Kate Senior, Janet Helmer, Richard Chenhall, Victoria Burbank

    Research output: Contribution to journalArticle

    Abstract

    This paper examines young people's perceived vulnerability to sexually transmitted infections (STIs) and their efforts to create a sense of personal safety within an environment in which risks may be high and where STIs are highly stigmatised. The paper reports on findings from research involving both Indigenous and non-Indigenous 16- to 25-year-olds from remote, rural and regional Australia, including communities in the Northern Territory, Western Australia and South Australia.

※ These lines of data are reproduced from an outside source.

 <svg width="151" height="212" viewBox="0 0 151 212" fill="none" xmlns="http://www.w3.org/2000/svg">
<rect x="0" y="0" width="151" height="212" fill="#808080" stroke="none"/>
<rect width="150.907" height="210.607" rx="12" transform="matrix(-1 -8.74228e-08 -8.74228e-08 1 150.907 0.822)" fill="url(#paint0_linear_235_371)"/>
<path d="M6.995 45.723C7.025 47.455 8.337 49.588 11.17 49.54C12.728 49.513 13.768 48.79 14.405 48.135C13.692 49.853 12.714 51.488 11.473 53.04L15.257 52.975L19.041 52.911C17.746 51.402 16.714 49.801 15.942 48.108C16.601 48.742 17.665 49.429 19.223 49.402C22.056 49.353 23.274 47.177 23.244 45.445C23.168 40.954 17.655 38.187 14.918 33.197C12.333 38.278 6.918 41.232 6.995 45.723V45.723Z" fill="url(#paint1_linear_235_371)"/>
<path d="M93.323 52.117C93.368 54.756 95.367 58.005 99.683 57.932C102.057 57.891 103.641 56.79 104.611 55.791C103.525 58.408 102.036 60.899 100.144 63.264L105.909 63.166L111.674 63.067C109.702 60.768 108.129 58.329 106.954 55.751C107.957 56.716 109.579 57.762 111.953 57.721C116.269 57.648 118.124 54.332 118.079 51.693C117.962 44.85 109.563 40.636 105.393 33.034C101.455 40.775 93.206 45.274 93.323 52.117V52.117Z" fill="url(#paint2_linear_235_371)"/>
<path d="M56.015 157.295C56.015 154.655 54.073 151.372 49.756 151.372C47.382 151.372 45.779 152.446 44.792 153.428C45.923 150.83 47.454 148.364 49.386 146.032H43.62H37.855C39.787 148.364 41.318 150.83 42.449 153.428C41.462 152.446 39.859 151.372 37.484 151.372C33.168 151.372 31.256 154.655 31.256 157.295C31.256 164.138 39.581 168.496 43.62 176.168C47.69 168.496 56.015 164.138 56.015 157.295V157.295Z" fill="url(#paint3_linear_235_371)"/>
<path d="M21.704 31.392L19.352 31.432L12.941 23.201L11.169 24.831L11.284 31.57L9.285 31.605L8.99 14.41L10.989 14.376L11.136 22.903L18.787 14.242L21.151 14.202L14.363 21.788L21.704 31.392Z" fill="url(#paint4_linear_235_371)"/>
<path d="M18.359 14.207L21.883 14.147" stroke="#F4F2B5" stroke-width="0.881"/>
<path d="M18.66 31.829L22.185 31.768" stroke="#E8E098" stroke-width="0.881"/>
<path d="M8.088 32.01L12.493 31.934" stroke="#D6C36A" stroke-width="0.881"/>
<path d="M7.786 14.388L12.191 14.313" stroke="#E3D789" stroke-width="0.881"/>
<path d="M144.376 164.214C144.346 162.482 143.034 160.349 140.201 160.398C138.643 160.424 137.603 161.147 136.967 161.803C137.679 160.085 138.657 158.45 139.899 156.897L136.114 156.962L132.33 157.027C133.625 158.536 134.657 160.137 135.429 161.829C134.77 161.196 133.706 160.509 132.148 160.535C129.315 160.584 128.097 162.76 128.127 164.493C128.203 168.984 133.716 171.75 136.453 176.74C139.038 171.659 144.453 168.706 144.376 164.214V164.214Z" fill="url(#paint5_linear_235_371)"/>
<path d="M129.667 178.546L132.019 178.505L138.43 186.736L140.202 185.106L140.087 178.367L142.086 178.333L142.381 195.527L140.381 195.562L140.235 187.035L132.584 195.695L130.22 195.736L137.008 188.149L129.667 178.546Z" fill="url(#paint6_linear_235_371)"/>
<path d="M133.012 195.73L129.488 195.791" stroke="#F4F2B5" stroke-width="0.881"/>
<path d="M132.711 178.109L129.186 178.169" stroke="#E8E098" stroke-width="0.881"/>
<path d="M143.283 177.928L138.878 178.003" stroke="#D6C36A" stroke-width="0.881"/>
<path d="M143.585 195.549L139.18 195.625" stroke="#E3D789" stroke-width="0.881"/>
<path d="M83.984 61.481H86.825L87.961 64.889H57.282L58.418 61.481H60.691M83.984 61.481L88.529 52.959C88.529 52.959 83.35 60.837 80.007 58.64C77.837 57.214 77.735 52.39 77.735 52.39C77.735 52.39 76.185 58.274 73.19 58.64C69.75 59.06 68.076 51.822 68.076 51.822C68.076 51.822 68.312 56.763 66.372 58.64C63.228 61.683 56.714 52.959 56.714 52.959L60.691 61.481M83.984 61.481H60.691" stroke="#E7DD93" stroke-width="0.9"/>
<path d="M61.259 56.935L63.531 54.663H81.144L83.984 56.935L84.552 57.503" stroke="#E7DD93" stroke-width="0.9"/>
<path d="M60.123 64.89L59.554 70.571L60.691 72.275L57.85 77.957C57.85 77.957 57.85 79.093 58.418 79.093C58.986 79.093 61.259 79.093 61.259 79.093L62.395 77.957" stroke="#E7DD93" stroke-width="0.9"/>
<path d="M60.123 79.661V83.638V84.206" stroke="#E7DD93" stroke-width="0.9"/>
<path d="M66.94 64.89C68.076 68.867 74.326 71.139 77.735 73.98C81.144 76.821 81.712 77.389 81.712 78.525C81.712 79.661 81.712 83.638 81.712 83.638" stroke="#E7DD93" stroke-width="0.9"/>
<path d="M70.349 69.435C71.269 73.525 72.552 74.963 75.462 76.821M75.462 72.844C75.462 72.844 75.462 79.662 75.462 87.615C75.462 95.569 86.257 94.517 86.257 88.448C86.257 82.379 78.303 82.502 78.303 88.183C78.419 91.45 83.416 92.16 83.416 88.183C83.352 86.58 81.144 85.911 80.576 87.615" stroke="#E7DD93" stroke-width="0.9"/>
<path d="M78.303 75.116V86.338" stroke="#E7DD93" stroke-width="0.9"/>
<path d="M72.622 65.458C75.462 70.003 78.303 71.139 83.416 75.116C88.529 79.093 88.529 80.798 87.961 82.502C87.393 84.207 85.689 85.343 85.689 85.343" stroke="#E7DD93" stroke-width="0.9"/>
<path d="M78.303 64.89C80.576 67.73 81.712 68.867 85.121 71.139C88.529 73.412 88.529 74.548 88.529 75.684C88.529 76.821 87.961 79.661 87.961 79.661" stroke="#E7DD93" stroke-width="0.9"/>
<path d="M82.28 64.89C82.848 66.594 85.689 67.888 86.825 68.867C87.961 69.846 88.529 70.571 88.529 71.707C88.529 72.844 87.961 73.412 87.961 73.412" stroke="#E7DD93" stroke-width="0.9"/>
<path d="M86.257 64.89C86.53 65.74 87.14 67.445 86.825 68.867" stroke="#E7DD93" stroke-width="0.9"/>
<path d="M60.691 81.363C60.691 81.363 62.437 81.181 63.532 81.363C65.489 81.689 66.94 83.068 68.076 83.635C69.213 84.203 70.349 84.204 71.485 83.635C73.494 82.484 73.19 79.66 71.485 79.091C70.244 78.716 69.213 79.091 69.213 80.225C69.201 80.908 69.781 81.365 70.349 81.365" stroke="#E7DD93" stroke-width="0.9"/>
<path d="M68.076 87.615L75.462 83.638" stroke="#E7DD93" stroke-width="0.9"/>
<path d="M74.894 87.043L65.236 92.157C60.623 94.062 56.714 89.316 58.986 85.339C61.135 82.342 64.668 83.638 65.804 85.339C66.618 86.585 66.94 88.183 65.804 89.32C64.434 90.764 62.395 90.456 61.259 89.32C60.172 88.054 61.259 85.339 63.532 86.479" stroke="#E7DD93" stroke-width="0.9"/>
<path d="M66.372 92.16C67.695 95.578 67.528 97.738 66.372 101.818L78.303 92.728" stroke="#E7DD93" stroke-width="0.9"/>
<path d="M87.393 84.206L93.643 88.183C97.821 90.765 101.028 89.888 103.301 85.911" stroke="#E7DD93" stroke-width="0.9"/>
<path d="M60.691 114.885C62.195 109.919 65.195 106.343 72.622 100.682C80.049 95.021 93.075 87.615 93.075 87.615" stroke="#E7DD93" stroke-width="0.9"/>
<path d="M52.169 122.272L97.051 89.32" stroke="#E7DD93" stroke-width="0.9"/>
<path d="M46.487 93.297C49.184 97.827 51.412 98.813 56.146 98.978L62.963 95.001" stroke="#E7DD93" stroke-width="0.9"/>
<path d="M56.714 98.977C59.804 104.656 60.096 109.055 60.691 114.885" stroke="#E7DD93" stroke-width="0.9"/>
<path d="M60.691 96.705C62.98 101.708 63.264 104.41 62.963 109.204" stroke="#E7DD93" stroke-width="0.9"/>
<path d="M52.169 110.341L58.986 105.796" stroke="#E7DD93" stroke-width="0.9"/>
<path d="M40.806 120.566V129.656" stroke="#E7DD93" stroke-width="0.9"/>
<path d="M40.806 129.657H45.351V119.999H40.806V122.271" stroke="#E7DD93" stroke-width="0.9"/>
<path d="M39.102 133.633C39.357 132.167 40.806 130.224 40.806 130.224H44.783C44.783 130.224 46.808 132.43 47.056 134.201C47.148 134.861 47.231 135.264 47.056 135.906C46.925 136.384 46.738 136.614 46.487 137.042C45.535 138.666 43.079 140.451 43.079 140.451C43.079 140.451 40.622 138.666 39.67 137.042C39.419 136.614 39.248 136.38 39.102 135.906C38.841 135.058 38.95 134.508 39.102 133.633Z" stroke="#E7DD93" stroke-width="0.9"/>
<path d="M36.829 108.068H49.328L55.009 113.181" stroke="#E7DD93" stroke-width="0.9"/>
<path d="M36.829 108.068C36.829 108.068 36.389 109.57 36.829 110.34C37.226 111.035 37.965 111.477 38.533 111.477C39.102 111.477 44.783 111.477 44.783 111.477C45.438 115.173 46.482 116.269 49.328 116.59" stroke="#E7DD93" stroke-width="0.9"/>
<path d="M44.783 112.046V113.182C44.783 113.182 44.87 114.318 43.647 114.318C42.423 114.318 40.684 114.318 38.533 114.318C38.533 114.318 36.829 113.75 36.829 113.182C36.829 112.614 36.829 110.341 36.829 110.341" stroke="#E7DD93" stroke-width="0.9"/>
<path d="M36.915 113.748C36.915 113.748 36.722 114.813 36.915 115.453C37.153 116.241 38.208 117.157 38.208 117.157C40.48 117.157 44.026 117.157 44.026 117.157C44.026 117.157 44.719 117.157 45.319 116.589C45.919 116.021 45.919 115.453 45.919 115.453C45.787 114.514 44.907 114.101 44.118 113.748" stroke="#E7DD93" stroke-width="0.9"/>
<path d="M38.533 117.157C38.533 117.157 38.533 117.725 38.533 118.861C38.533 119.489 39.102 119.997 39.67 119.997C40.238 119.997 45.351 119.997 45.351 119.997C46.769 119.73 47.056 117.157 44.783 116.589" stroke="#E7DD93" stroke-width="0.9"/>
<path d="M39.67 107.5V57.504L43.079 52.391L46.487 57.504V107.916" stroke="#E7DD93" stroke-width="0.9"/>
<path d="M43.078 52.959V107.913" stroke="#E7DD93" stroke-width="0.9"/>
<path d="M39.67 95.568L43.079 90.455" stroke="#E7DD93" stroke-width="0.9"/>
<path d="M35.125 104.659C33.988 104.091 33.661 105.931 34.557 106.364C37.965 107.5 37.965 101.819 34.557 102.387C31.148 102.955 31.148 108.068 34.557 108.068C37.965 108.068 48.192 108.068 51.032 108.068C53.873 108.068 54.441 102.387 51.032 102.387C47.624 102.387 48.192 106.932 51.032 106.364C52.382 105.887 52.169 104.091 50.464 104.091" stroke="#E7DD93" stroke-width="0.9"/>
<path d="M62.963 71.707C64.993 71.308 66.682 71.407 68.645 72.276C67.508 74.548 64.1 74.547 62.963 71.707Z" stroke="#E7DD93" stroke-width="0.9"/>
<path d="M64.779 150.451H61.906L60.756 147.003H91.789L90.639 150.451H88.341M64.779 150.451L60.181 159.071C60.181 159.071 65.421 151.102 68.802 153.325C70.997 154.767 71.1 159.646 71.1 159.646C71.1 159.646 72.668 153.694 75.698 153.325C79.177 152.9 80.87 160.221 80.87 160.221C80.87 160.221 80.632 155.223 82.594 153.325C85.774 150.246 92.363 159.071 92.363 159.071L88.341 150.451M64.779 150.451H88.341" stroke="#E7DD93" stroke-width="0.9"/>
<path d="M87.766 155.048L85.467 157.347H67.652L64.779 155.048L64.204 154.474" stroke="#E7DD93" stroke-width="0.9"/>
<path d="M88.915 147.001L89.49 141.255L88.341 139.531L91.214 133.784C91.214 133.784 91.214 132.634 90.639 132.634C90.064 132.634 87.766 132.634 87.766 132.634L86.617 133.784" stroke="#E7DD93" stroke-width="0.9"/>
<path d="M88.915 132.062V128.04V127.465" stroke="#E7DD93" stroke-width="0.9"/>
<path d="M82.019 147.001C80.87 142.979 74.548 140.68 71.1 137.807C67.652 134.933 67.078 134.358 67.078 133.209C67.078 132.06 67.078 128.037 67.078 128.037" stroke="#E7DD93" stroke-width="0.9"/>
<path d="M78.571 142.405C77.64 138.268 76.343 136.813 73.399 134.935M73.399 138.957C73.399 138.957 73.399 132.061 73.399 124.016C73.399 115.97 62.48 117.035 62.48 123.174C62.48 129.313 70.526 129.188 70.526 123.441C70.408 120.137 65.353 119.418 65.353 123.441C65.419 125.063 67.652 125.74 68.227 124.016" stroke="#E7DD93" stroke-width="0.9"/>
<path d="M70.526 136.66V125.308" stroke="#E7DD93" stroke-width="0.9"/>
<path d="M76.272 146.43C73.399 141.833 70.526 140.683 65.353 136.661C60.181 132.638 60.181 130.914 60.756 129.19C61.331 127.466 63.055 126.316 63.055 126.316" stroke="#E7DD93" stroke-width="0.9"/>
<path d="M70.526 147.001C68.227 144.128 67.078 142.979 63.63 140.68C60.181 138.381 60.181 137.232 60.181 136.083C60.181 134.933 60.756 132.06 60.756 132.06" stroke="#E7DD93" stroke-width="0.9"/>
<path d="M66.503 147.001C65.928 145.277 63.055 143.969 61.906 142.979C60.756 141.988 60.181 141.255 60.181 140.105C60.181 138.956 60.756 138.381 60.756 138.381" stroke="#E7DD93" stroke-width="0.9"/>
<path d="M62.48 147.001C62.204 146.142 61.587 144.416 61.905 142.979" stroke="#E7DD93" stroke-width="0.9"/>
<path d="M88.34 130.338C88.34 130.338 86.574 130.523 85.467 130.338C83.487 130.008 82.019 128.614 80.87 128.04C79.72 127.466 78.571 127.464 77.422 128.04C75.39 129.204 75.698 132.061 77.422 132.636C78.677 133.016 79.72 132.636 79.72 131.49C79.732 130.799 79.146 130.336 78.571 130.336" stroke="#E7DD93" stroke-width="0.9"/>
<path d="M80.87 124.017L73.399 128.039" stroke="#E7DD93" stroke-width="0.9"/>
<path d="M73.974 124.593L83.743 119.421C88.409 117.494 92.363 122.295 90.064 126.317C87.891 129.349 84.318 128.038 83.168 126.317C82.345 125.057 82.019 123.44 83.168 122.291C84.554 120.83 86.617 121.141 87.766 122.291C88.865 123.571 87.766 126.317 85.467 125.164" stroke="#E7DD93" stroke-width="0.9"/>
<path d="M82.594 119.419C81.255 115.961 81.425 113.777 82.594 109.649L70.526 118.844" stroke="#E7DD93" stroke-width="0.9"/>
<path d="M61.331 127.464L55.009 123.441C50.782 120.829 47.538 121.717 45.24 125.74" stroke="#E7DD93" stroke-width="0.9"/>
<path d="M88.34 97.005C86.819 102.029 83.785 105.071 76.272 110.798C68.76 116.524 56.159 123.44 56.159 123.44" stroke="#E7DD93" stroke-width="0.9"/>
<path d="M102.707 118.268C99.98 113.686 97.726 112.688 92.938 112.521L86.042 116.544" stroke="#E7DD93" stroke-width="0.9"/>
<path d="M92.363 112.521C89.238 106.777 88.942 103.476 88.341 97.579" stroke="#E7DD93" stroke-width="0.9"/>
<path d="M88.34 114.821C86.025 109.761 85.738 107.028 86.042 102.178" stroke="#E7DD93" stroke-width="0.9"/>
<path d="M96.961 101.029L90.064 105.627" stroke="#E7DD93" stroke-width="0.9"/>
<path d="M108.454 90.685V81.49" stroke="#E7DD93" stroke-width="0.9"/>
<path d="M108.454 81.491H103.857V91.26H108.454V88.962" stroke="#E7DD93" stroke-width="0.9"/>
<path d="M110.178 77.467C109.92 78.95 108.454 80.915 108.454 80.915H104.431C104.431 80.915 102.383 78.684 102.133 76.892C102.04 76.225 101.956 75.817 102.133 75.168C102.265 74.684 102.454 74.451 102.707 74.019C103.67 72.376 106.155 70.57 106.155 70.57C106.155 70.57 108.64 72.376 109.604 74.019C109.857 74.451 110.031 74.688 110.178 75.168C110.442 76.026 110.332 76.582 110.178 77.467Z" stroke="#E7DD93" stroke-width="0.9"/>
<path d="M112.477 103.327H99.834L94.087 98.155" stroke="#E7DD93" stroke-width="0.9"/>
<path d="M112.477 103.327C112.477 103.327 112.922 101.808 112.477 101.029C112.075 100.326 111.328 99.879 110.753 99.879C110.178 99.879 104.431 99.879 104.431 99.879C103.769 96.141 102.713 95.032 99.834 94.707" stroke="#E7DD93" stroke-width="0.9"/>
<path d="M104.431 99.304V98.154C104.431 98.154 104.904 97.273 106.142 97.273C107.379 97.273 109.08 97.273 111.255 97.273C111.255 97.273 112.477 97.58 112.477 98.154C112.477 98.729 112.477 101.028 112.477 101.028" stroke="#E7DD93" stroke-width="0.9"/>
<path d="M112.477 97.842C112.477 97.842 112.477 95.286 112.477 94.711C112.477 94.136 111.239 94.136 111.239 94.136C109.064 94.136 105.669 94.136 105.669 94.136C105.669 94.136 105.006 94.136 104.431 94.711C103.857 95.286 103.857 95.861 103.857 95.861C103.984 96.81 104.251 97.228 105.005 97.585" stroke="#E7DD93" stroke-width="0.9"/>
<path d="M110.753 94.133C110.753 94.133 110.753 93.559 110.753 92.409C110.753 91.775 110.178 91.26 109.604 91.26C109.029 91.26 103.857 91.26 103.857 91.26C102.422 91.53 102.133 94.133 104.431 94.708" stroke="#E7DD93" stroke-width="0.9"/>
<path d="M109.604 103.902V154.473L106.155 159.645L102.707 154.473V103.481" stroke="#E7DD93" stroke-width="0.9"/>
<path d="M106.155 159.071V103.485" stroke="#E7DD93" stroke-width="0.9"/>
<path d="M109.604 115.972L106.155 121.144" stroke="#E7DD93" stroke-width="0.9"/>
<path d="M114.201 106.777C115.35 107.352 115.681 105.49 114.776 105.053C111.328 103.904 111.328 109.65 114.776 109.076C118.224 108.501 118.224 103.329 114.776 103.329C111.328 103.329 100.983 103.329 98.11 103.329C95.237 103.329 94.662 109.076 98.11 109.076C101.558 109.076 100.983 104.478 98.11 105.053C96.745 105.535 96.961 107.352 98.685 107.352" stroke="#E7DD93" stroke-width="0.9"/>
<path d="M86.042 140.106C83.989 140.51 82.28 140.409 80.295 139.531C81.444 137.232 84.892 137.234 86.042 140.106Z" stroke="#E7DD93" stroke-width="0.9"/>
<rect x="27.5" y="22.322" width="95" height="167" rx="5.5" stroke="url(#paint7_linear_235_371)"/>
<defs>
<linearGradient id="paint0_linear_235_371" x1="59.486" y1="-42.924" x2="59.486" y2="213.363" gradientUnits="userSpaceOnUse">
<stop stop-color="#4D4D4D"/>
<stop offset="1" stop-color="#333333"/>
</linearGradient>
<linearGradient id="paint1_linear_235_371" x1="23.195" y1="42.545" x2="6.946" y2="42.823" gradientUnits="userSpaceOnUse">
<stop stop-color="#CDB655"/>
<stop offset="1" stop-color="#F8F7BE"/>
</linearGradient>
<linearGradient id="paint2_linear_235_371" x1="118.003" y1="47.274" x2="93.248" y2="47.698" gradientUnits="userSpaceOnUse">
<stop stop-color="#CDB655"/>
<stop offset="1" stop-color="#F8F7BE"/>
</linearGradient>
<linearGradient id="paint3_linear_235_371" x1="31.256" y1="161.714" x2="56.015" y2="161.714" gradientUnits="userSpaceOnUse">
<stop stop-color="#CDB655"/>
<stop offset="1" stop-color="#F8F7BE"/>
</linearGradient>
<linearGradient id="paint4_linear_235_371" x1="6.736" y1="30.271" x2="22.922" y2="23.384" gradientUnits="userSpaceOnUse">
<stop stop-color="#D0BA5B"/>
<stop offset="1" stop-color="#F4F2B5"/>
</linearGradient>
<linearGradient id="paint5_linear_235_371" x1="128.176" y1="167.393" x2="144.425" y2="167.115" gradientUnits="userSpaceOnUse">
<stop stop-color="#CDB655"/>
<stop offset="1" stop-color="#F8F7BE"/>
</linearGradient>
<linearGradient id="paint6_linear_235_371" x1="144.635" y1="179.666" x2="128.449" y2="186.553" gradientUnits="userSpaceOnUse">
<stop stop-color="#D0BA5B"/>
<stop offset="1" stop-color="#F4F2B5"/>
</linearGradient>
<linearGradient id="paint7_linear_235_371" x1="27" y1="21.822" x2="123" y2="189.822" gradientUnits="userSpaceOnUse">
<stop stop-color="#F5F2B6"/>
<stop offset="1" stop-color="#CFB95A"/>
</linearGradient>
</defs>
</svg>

The study used qualitative methods, including body mapping and scenario based interviewing, to explore how young people made decisions about potential sexual partners and how STIs were understood within the context of young people's everyday social worlds. The paper has important implications for the design and implementation of sexual-health education programmes by documenting the stigmatisation of young people with STIs and the protective mechanisms peer groups employ to create perceptions of personal safety. © 2014 © 2014 Taylor & Francis.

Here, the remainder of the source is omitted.